I’d change your node.cfg to be more like this, the output will make more sense:
(remember to stop the cluster before changing worker names)
[worker-1-a]
type=worker
host=WORKER 1
lb_method=custom
lb_procs=5
interface=myricom::eth4
[worker-1-b]
type=worker
host=WORKER 1
lb_method=custom
lb_procs=5
interface=myricom::eth5
[worker-2-a]
type=worker
host=WORKER 2
lb_method=custom
lb_procs=5
interface=myricom::eth4
[worker-2-b]
type=worker
host=WORKER 2
lb_method=custom
lb_procs=5
interface=myricom::eth5
The last time I worked out a node.cfg for a myricom based cluster this is what I ended up with:
[foo-a]
type=worker
host=foo
interface=myricom::p1p1
lb_method=custom
lb_procs=8
pin_cpus=3,5,7,9,11,13,15,17
env_vars=SNF_APP_ID=1,SNF_DATARING_SIZE=16384MB,SNF_DESCRING_SIZE=4096MB
[foo-b]
type=worker
host=fooo
interface=myricom::p2p1
lb_method=custom
lb_procs=8
pin_cpus=2,4,6,8,10,12,14,16
env_vars=SNF_APP_ID=2,SNF_DATARING_SIZE=16384MB,SNF_DESCRING_SIZE=4096MB
I’m about 90% sure I did the pinning right
[2]
================
bro@bro-master-1:~$ zeekctl netstats
worker-1-1: 1581949346.194441 recvd=2178149468 dropped=2260820124 link=15063051356
worker-1-2: 1581949346.194473 recvd=274557259 dropped=2260820124 link=13159459147
worker-1-3: 1581949346.168558 recvd=1888926901 dropped=2260820124 link=14773828789
worker-1-4: 1581949346.081130 recvd=2110377092 dropped=2260820124 link=14995278980
worker-1-5: 1581949346.234478 recvd=1032618510 dropped=2260820124 link=13917520398
worker-2-1: 1581949346.269794 recvd=1551167612 dropped=640636540 link=14436069500
worker-2-2: 1581949346.271224 recvd=2811566586 dropped=640636540 link=15696468474
worker-2-3: 1581949346.292474 recvd=3295536154 dropped=640636540 link=16180438042
worker-2-4: 1581949346.314556 recvd=2505663441 dropped=640636540 link=15390565329
worker-2-5: 1581949343.011855 recvd=3459004896 dropped=640636540 link=20638874080
One thing to keep in mind with the myrcom driver is the drops are shared… so you aren’t dropping 2260820124 per worker, you dropped 2260820124 total.

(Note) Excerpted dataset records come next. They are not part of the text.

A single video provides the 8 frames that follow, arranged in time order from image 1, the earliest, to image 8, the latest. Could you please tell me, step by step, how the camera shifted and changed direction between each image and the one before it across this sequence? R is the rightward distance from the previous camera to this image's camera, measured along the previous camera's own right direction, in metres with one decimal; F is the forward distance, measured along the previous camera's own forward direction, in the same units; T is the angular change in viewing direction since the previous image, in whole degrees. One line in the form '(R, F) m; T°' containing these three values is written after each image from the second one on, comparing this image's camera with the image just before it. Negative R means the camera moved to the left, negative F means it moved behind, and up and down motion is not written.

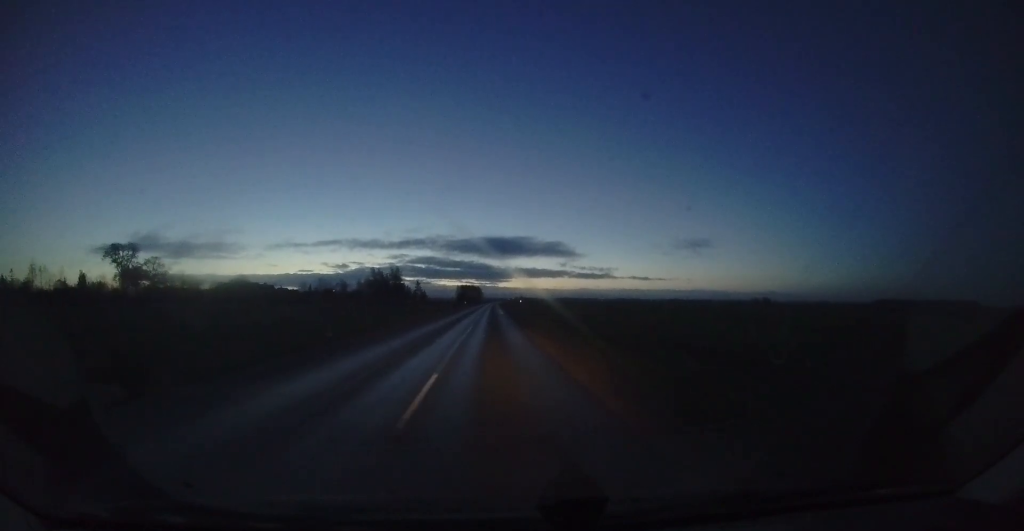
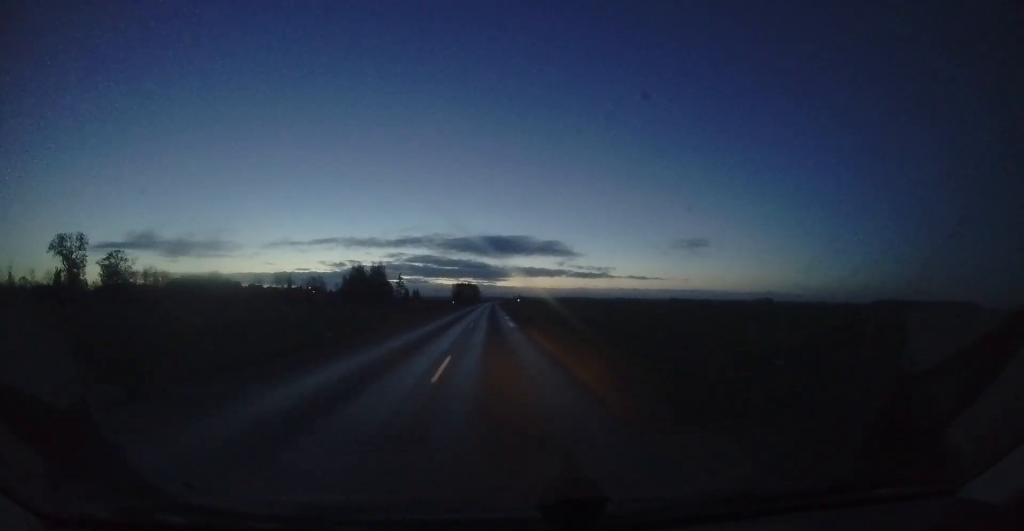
(-0.1, +21.6) m; 0°
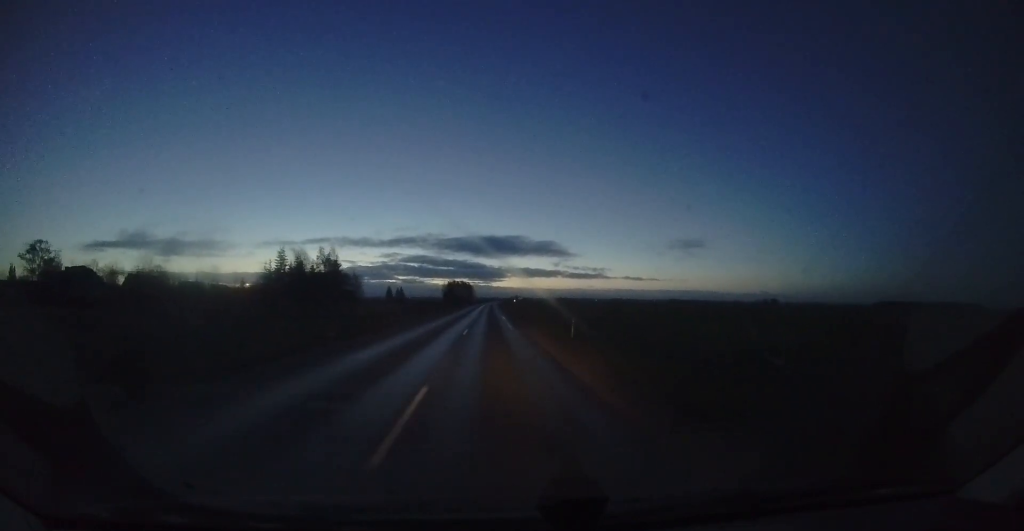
(-0.1, +39.0) m; +1°
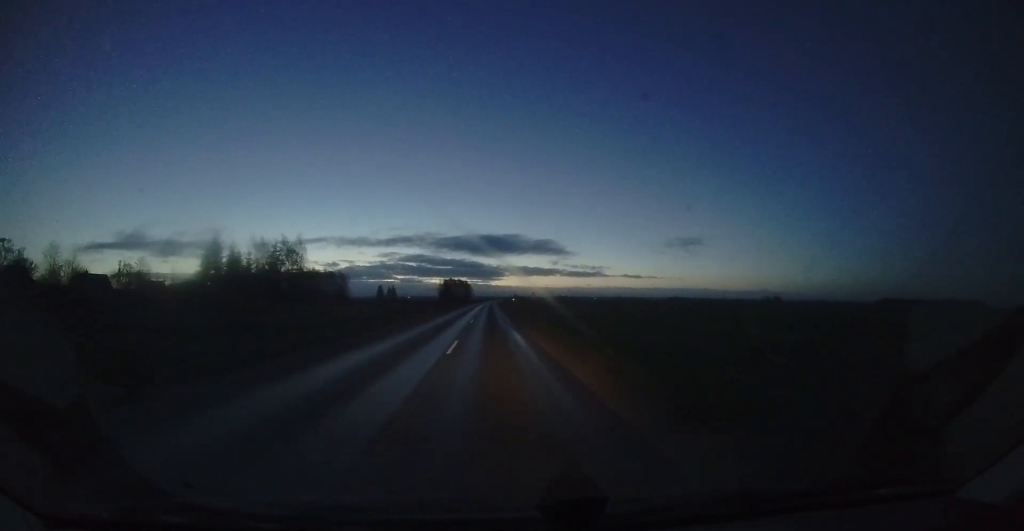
(+0.3, +17.5) m; 0°
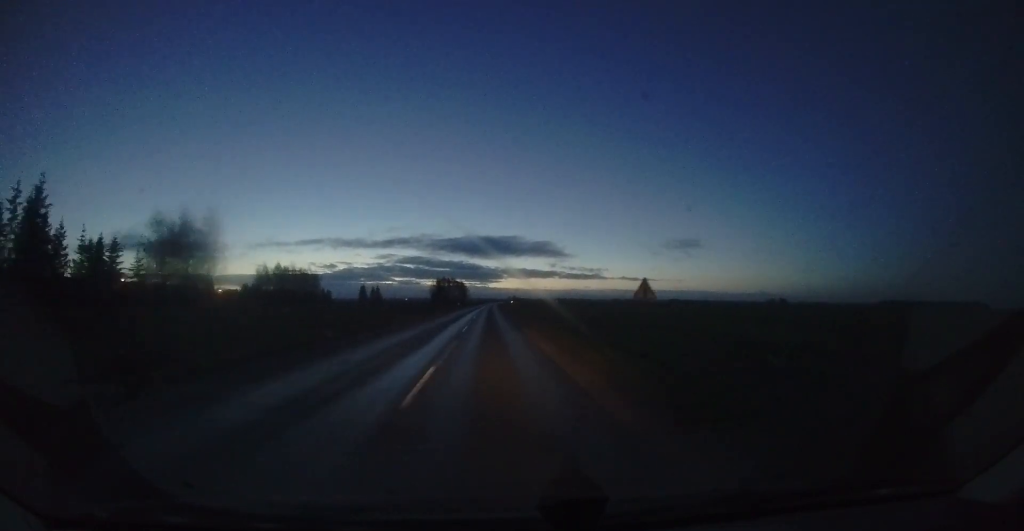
(-0.1, +28.9) m; 0°
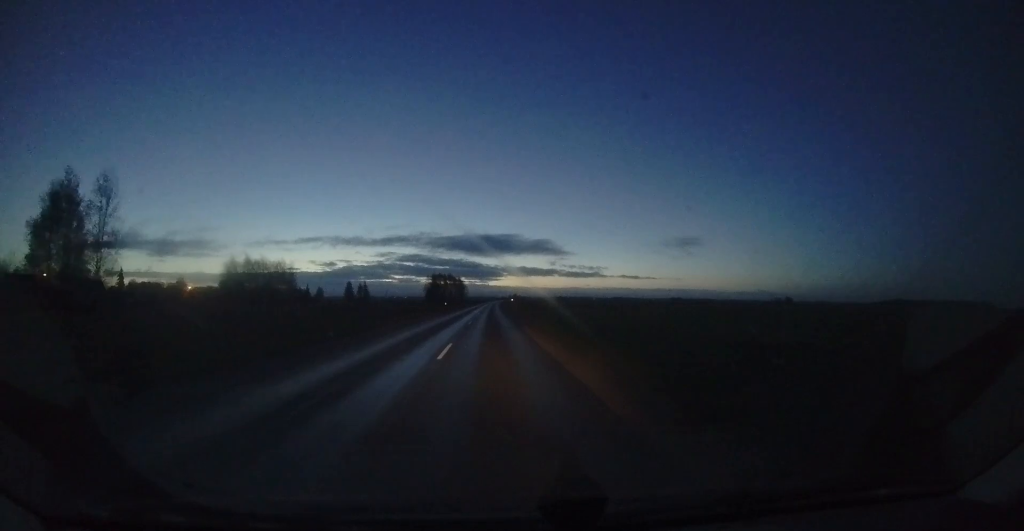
(0.0, +20.2) m; 0°
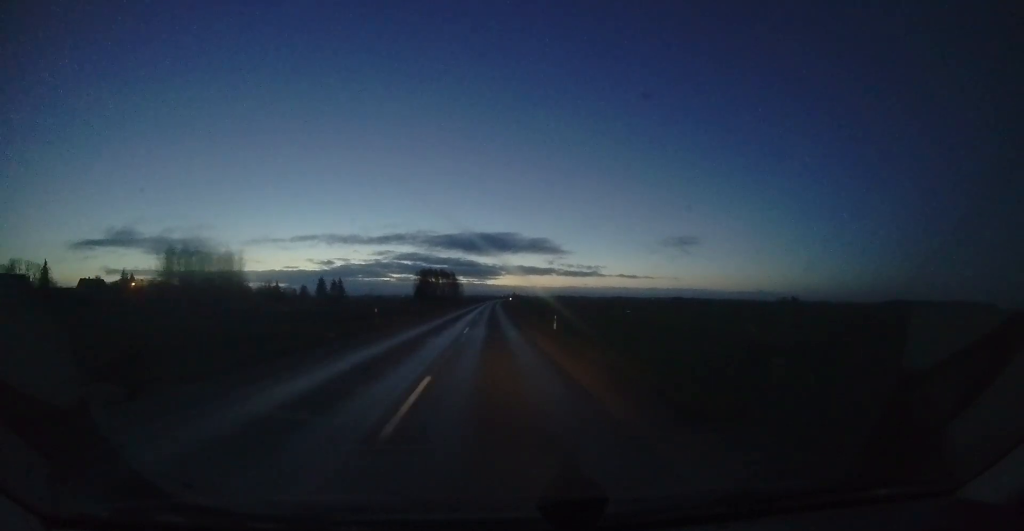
(+0.2, +29.0) m; +2°
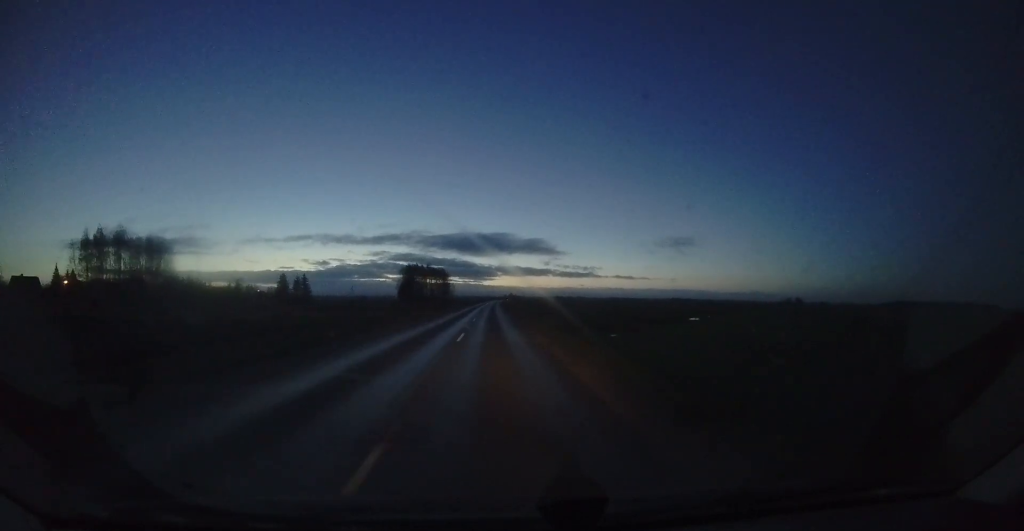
(+0.5, +27.3) m; +1°

The number is right, but to work out the total drop % you need to sum recvd but not the dropped number.
Here’s a script i wrote a while ago that does that… can pipe netstats output to this:
#!/usr/bin/env python
from future import print_function
import sys
import re
from collections import defaultdict
totals = defaultdict(int)
host_dropped = {}
total_rx = total_drop = 0
for line in sys.stdin:
parts = re.split(‘[ =:]+’, line.strip())
node, time, _, recvd, _, dropped, _, link = parts
host = node[:-2]
totals[host] += int(link)
total_rx += int(link)
if host not in host_dropped:
total_drop += int(dropped)
host_dropped[host] = int(dropped)
for host, total in sorted(totals.items()):
if not total: continue
d = host_dropped[host]
print(“%s dropped=%d rx=%d %0.2f%%” % (host, d, total, 100.0*d/total))
print()
print(“Totals dropped=%d rx=%d %0.2f%%” % (total_drop, total_rx, 100.0*total_drop/total_rx))

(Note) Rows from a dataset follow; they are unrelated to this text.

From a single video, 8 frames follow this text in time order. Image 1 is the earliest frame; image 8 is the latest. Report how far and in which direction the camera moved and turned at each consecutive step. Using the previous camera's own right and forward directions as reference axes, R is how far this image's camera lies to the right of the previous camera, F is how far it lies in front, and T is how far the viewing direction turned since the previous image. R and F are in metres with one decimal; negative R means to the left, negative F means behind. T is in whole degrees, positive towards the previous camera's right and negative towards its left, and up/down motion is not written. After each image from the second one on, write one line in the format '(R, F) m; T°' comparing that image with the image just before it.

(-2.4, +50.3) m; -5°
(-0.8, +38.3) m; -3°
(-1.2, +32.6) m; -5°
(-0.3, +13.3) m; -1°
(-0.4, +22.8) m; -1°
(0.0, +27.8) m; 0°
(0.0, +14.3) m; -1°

may need to tweak the host = node[:-2] line if you run more than 9 workers
running that on your output I get
worker-1 dropped=2260820124 rx=71909138670 3.14%
worker-2 dropped=640636540 rx=82342415425 0.78%
which isn’t so bad… without accounting for the shared drops it looks more like 15% and 4%. Double the number of workers and fix the load balancing and you should be able to get that to zero.